* About this exercise: Give back every entry precisely as written, without any of the images.

Exercise inputs below:

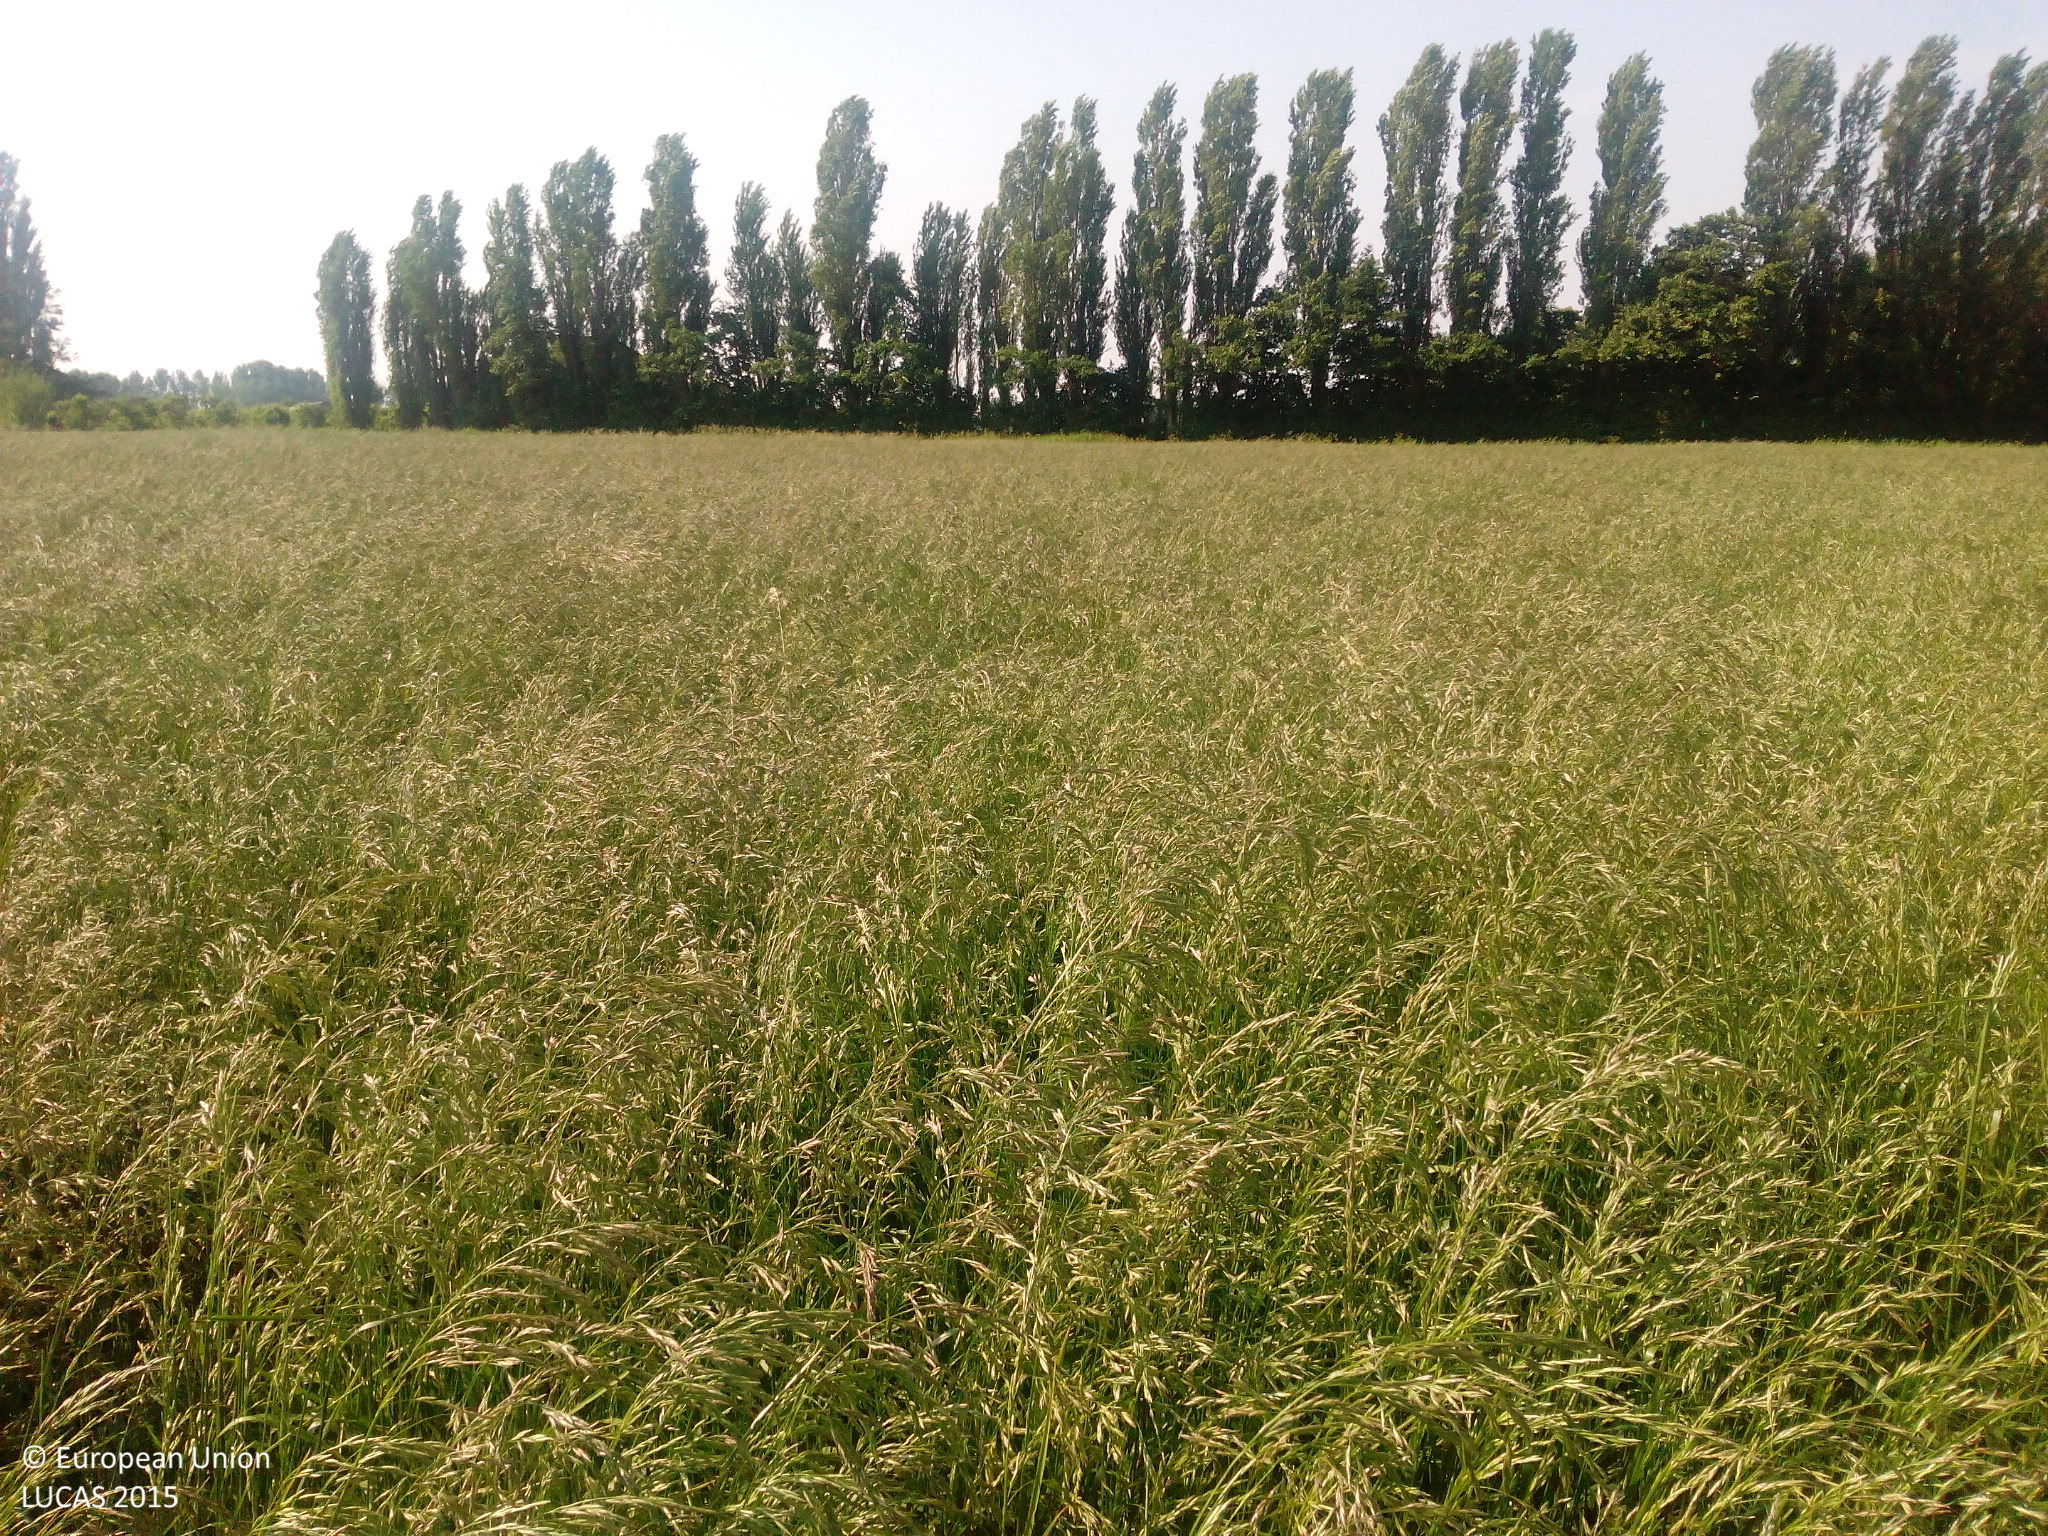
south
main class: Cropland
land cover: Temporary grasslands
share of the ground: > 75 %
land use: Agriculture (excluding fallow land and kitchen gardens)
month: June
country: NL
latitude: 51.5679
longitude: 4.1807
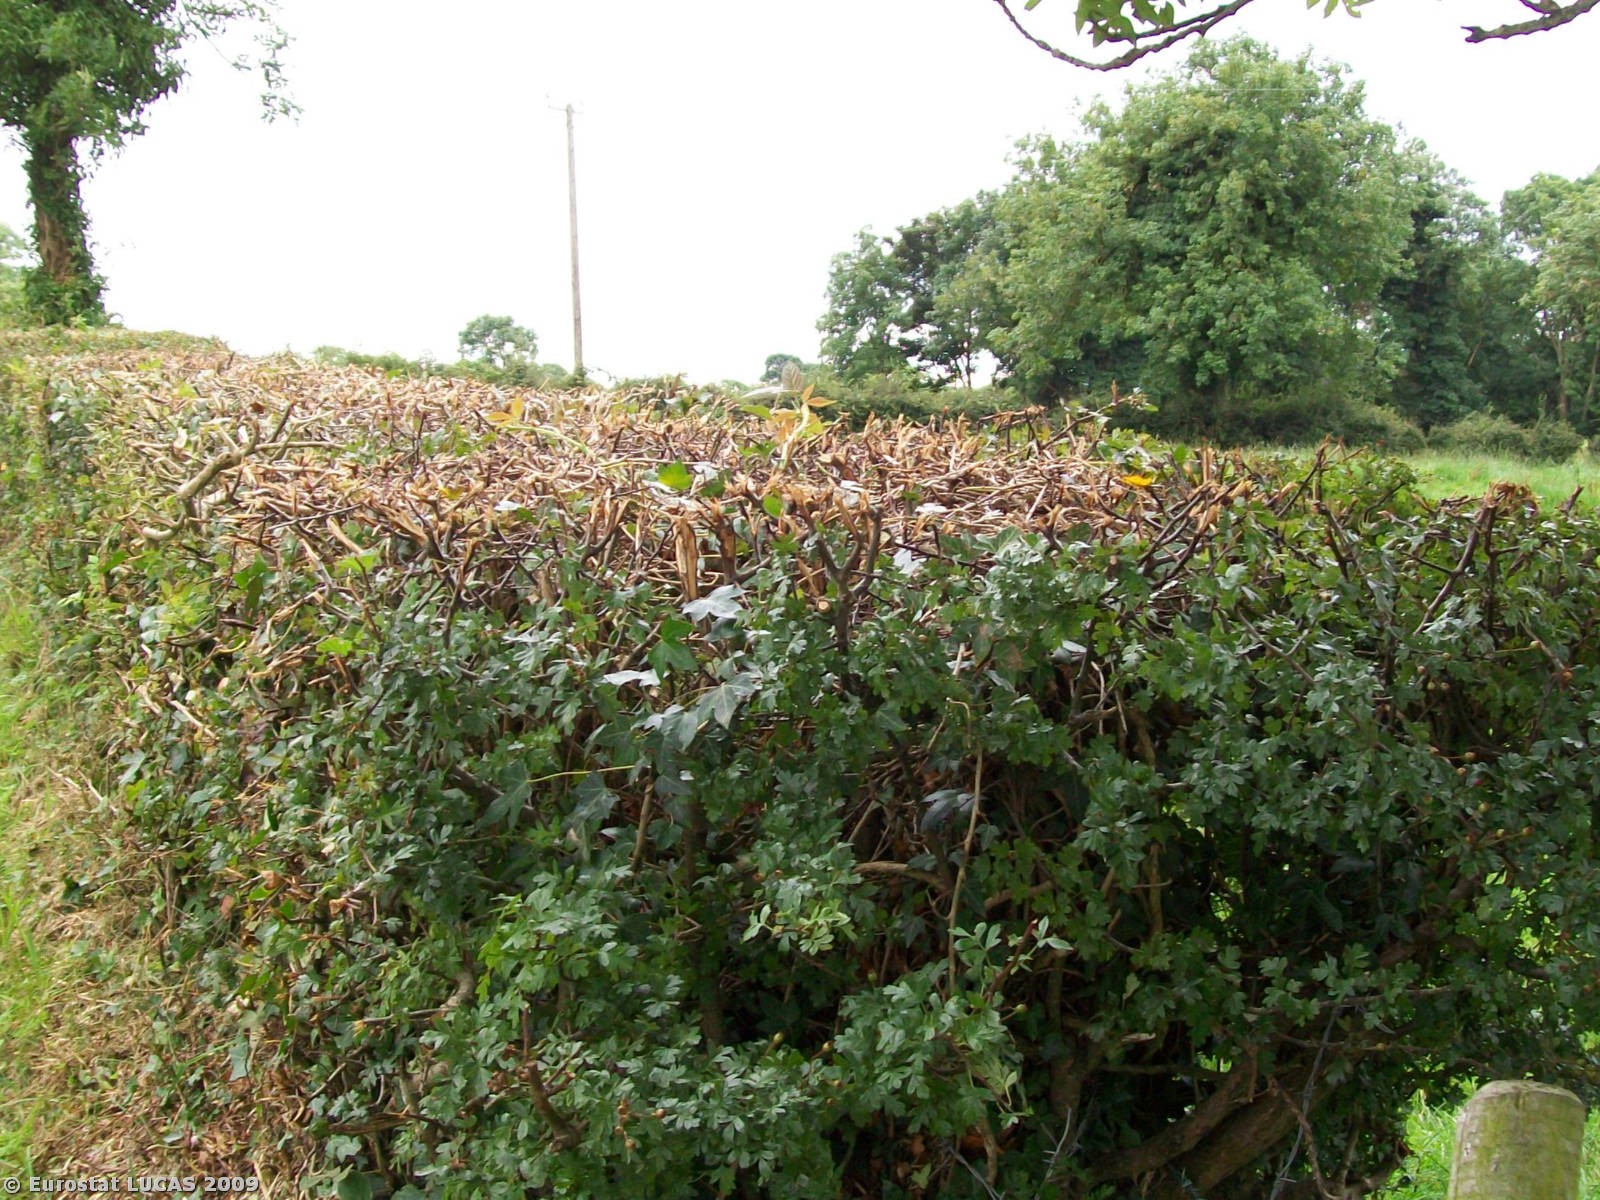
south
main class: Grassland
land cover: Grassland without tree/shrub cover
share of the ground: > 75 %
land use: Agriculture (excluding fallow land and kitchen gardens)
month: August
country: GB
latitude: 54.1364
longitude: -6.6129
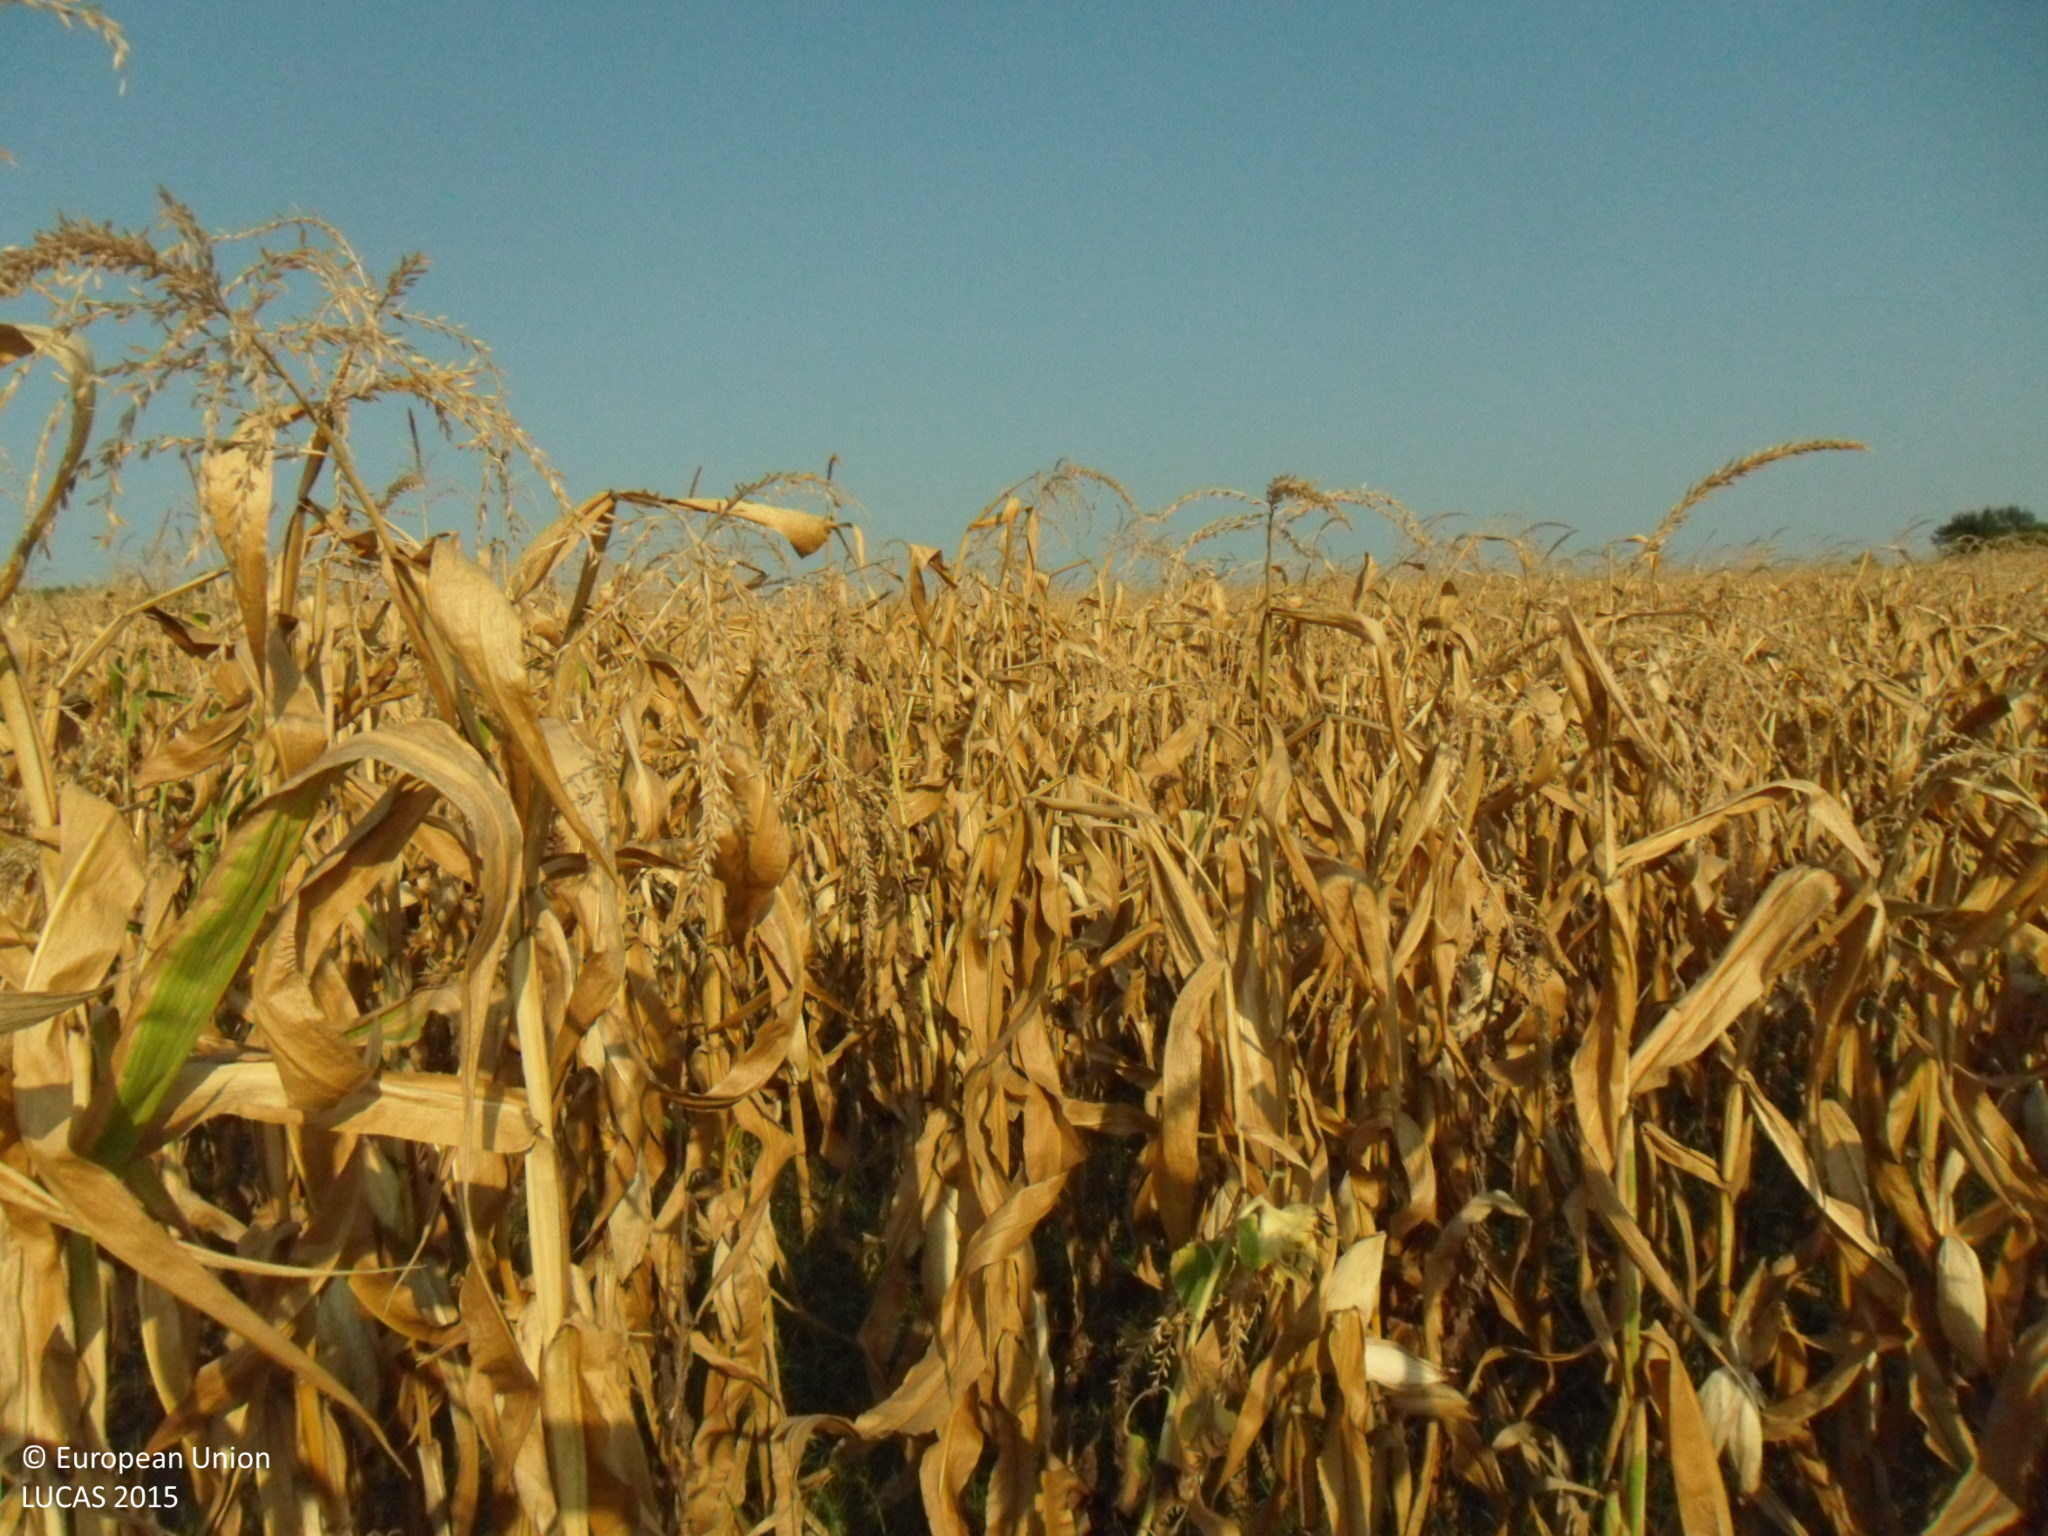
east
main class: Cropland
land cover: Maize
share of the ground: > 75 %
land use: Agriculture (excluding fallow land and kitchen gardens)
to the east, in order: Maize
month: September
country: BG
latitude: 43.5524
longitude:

End of Exercise inputs.

* Expected output:
south
main class: Cropland
land cover: Temporary grasslands
share of the ground: > 75 %
land use: Agriculture (excluding fallow land and kitchen gardens)
month: June
country: NL
latitude: 51.5679
longitude: 4.1807
south
main class: Grassland
land cover: Grassland without tree/shrub cover
share of the ground: > 75 %
land use: Agriculture (excluding fallow land and kitchen gardens)
month: August
country: GB
latitude: 54.1364
longitude: -6.6129
east
main class: Cropland
land cover: Maize
share of the ground: > 75 %
land use: Agriculture (excluding fallow land and kitchen gardens)
to the east, in order: Maize
month: September
country: BG
latitude: 43.5524
longitude:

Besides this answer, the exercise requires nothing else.